My attempt so far: I have written $q_n(x)$ in the orthonormal basis $\{p_n\}$ (for some context this is such that $\int_a^b p_n(x)p_m(x)w(x)dx $ is 0 when $m \neq n$ and 1 when $n=m$), this is, $q_n=\sum_{k=0}^n a_k p_k(x)$ and replaced it in the integral and obtained that $\int_a^b (q_n(x))^2 w(x)dx = \sum_{k=0}^n (a_k)^2$. I don't really know where to use the normalized condition my teacher gave, do you have any tips? Thanks for the help!

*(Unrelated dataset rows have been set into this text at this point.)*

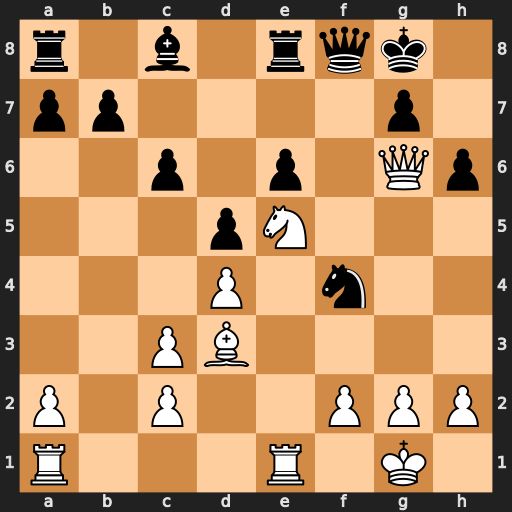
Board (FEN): r1b1rqk1/pp4p1/2p1p1Qp/3pN3/3P1n2/2PB4/P1P2PPP/R3R1K1
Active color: w
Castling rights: -
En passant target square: -
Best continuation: Qh7#
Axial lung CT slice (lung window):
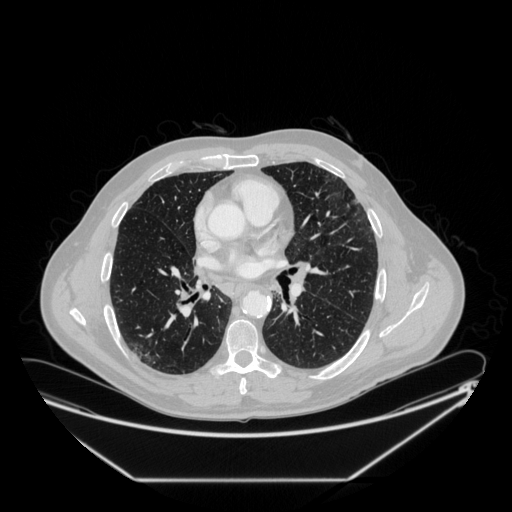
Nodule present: no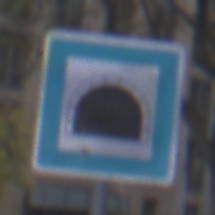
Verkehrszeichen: Tunnel
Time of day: SunriseSunset
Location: Outdoor (Urban)
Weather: PartlyCloudy
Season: NotSpecified
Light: Natural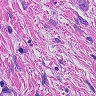
Metastatic tissue present: yes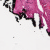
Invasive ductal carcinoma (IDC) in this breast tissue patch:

Edit (My proposed solution): I tried the following, can anyone tell me if it is correct: I started by analyzing $(q_n(x))^2=(\sum_{k=0}^n a_k p_k(x))^2$. Applying the Cauchy-Schwarz inequality we can see that: $(q_n(x))^2=(\sum_{k=0}^n a_k p_k(x))^2 \leq (\sum_{k=0}^n a_k^2)(\sum_{k=0}^np_k^2(x))$. Then I applied the normalized condition by replacing $x \rightarrow x_0$ in the previous inequality and we have that, $1=q_n(x_0))^2\leq (\sum_{k=0}^n a_k^2)(\sum_{k=0}^np_k^2(x_0))$. As i observed previously we have that $\int_a^b (q_n(x))^2 w(x)dx = \sum_{k=0}^n (a_k)^2$. Substituting it we finally have that:
$\frac{1}{(\sum_{k=0}^np_k^2(x_0))} \leq \sum_{k=0}^n (a_k)^2 \Leftrightarrow \frac{1}{K_n(x_0,x_0)}\leq \int_a^b (q_n(x))^2 w(x)dx$.
Therefore,we have that the minimum value of that integral it hit at $\frac{1}{K_n(x_0,x_0)}$.